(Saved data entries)
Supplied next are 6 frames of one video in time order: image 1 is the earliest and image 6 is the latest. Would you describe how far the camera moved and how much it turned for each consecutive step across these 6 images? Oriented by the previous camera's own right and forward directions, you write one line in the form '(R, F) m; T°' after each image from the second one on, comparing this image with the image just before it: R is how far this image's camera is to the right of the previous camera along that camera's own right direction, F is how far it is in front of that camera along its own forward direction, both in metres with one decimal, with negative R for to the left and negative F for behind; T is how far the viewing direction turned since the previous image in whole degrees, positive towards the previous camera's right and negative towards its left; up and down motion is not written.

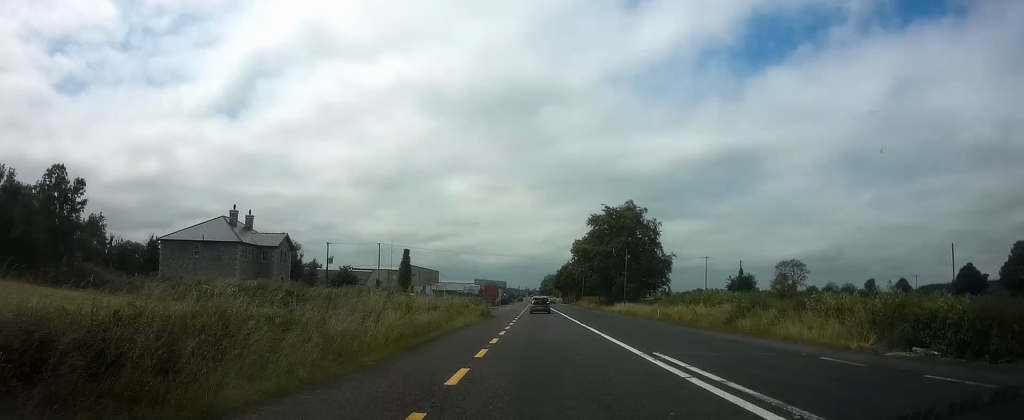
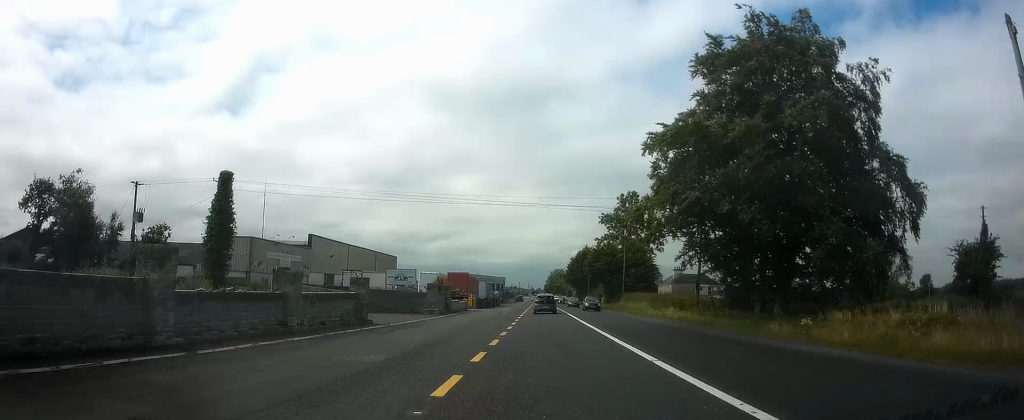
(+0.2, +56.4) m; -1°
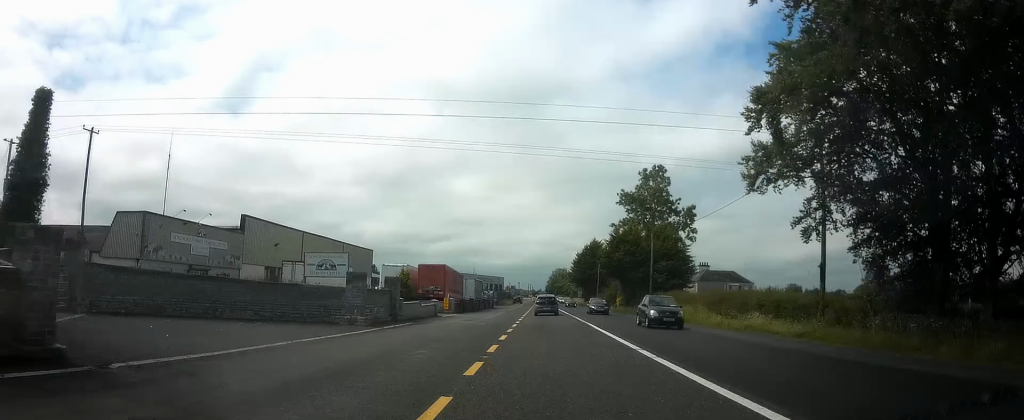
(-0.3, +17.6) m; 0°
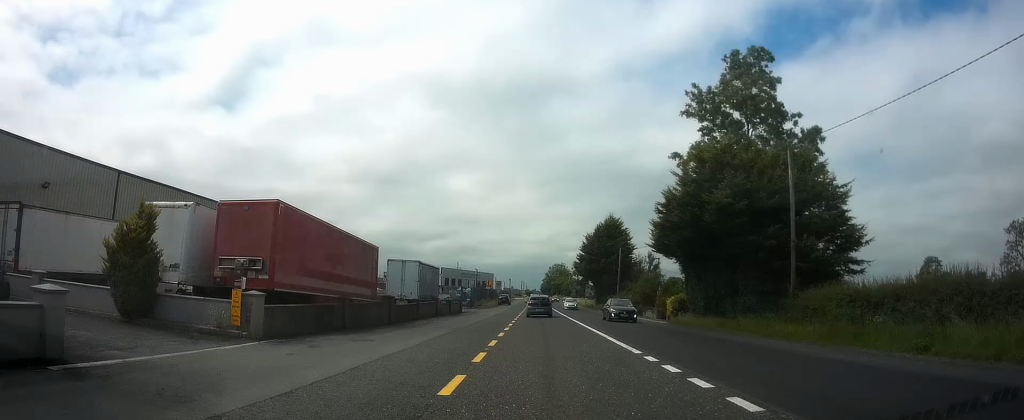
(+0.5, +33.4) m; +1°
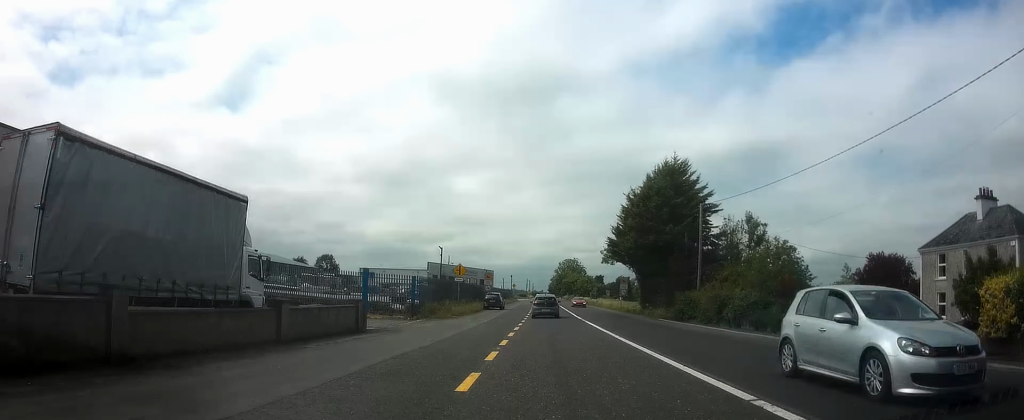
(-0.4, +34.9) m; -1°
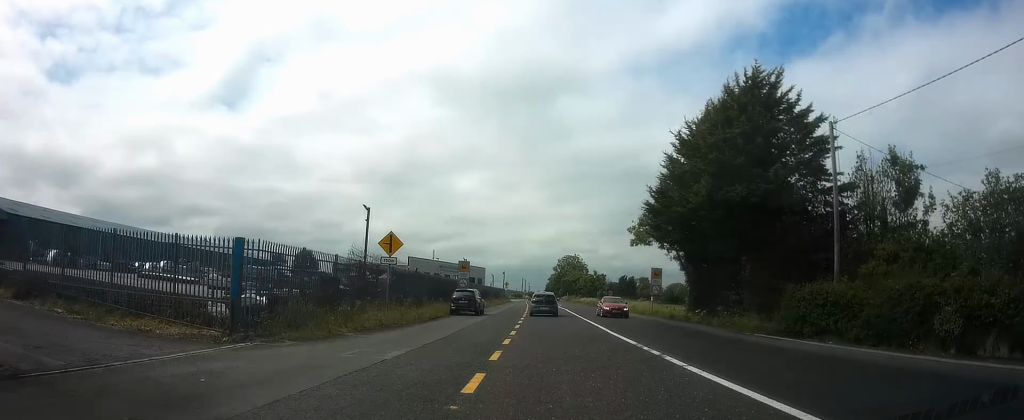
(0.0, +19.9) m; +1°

* * *

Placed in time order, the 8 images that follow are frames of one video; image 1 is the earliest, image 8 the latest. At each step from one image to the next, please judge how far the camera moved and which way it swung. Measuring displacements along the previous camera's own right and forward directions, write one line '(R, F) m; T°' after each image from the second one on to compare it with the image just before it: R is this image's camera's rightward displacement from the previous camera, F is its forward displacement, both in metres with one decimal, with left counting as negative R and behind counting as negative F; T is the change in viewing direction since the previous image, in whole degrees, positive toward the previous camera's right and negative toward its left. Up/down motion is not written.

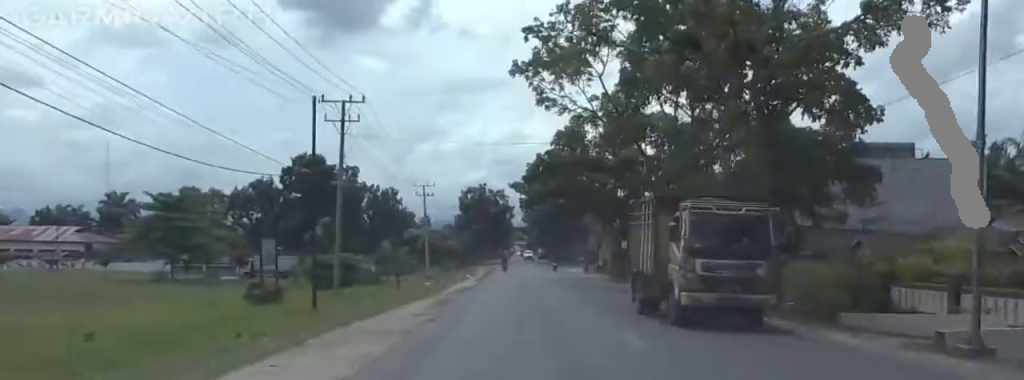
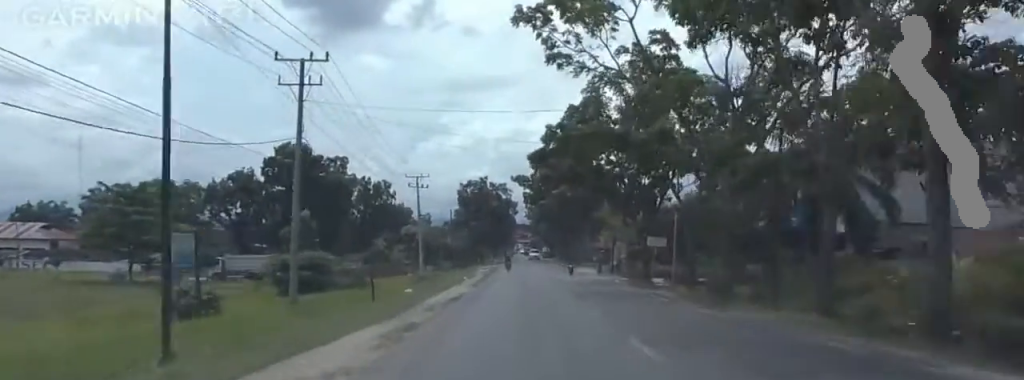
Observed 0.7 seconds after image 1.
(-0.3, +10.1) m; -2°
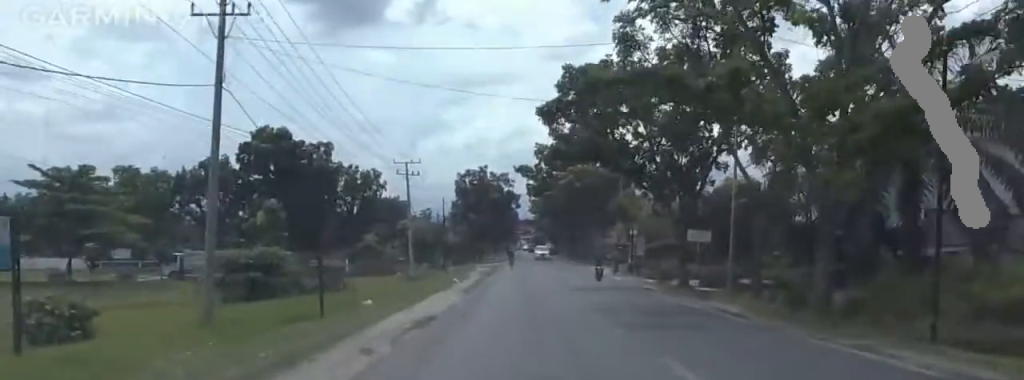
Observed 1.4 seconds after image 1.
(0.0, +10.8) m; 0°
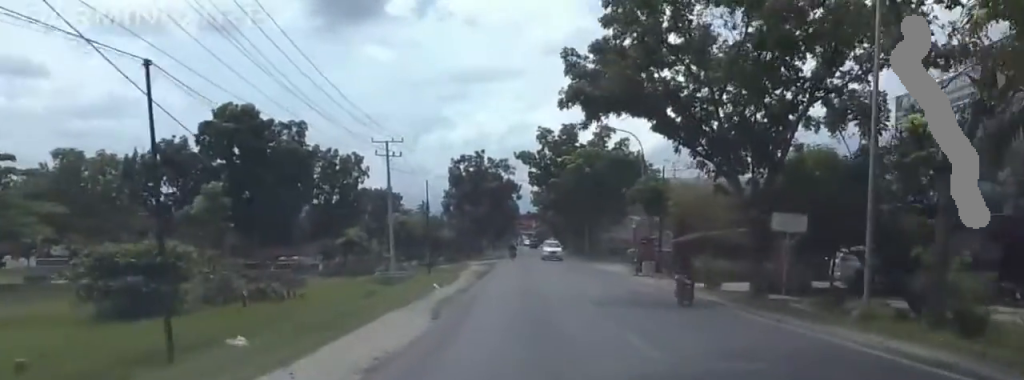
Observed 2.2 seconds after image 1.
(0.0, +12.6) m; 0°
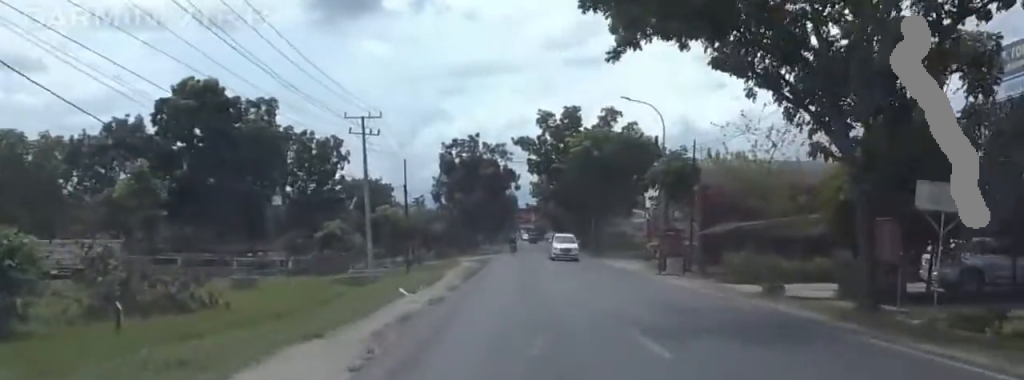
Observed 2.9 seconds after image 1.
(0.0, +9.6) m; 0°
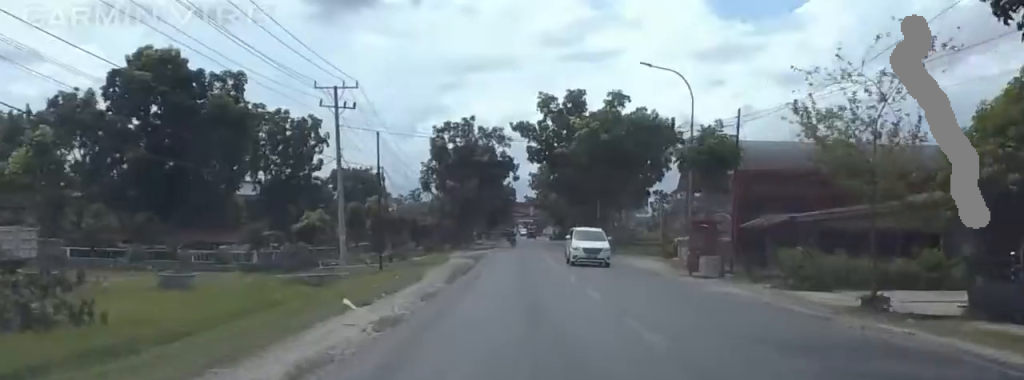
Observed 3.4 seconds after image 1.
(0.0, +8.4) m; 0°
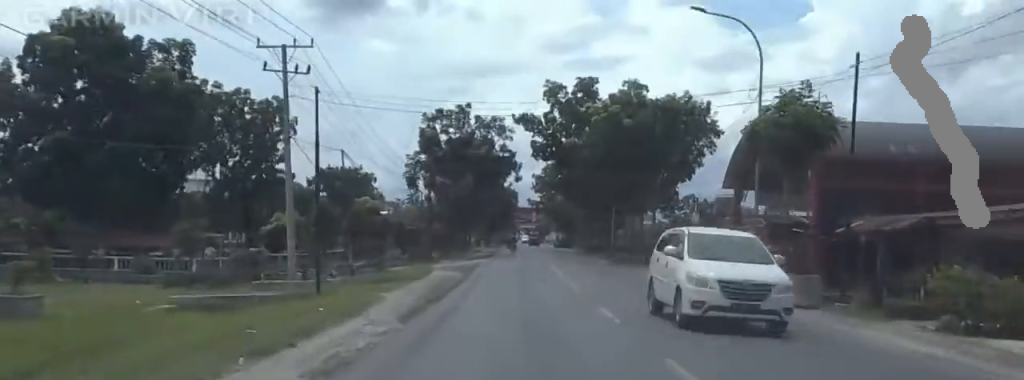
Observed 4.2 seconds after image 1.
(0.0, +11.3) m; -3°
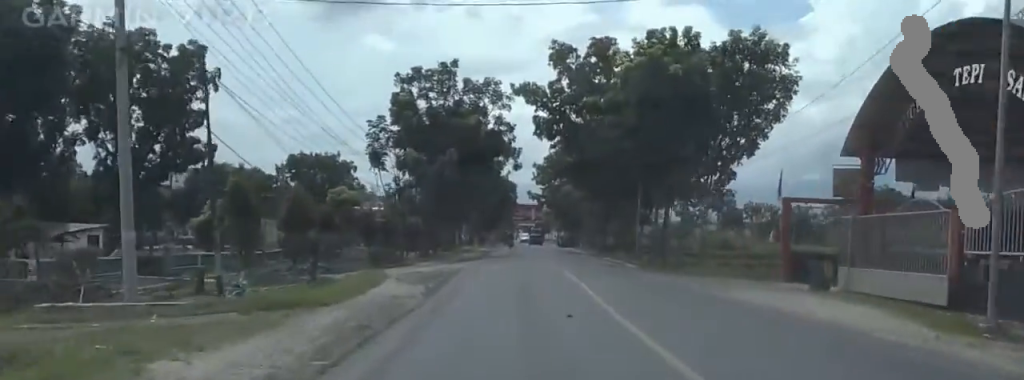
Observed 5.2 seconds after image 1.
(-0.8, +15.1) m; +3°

--

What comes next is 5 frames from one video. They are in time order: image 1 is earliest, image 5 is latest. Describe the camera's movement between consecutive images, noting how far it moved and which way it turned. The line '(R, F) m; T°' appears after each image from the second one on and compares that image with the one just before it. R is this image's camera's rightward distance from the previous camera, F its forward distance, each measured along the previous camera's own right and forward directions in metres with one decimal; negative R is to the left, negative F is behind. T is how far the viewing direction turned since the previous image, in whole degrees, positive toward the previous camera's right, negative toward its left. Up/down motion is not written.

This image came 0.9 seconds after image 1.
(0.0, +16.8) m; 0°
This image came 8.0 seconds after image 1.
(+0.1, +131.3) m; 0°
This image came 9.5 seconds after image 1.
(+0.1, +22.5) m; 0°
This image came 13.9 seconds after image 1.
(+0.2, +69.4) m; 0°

= Task to carry out =
Your answer should hold every line of the entries that contains the string "which".

= Task solution =
Placed in time order, the 8 images that follow are frames of one video; image 1 is the earliest, image 8 the latest. At each step from one image to the next, please judge how far the camera moved and which way it swung. Measuring displacements along the previous camera's own right and forward directions, write one line '(R, F) m; T°' after each image from the second one on to compare it with the image just before it: R is this image's camera's rightward displacement from the previous camera, F is its forward displacement, both in metres with one decimal, with left counting as negative R and behind counting as negative F; T is the change in viewing direction since the previous image, in whole degrees, positive toward the previous camera's right and negative toward its left. Up/down motion is not written.
What comes next is 5 frames from one video. They are in time order: image 1 is earliest, image 5 is latest. Describe the camera's movement between consecutive images, noting how far it moved and which way it turned. The line '(R, F) m; T°' appears after each image from the second one on and compares that image with the one just before it. R is this image's camera's rightward distance from the previous camera, F its forward distance, each measured along the previous camera's own right and forward directions in metres with one decimal; negative R is to the left, negative F is behind. T is how far the viewing direction turned since the previous image, in whole degrees, positive toward the previous camera's right, negative toward its left. Up/down motion is not written.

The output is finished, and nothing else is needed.